Repeat, line for line, only the span that opens at the "Transcribe the Devanagari" line and closes at the final line below. Skip the pictures.

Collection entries
◆ ◆ ◆
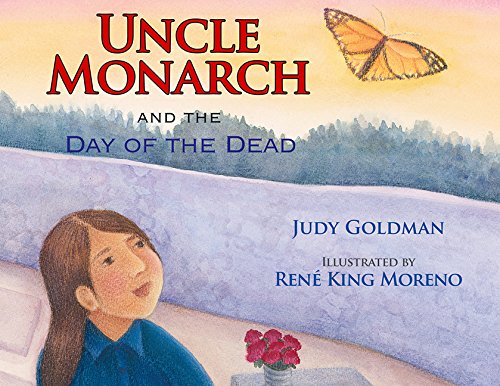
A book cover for Uncle Monarch and the Day of the Dead; Judy Goldman; Children's Books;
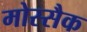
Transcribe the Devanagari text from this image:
मोस्सैक
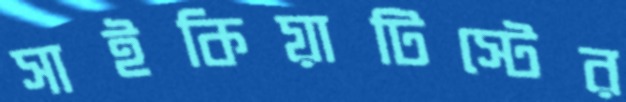
সাইকিয়াটিস্টের
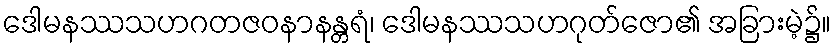
ဒေါမနဿသဟဂတဇဝနာနန္တရံ၊ ဒေါမနဿသဟဂုတ်ဇော၏ အခြားမဲ့၌။
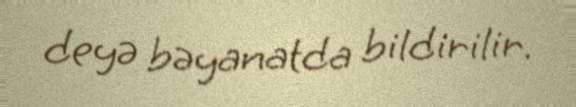
deyə bəyanatda bildirilir.
◆ ◆ ◆
Exercise response:
Transcribe the Devanagari text from this image:
मोस्सैक
সাইকিয়াটিস্টের
ဒေါမနဿသဟဂတဇဝနာနန္တရံ၊ ဒေါမနဿသဟဂုတ်ဇော၏ အခြားမဲ့၌။
deyə bəyanatda bildirilir.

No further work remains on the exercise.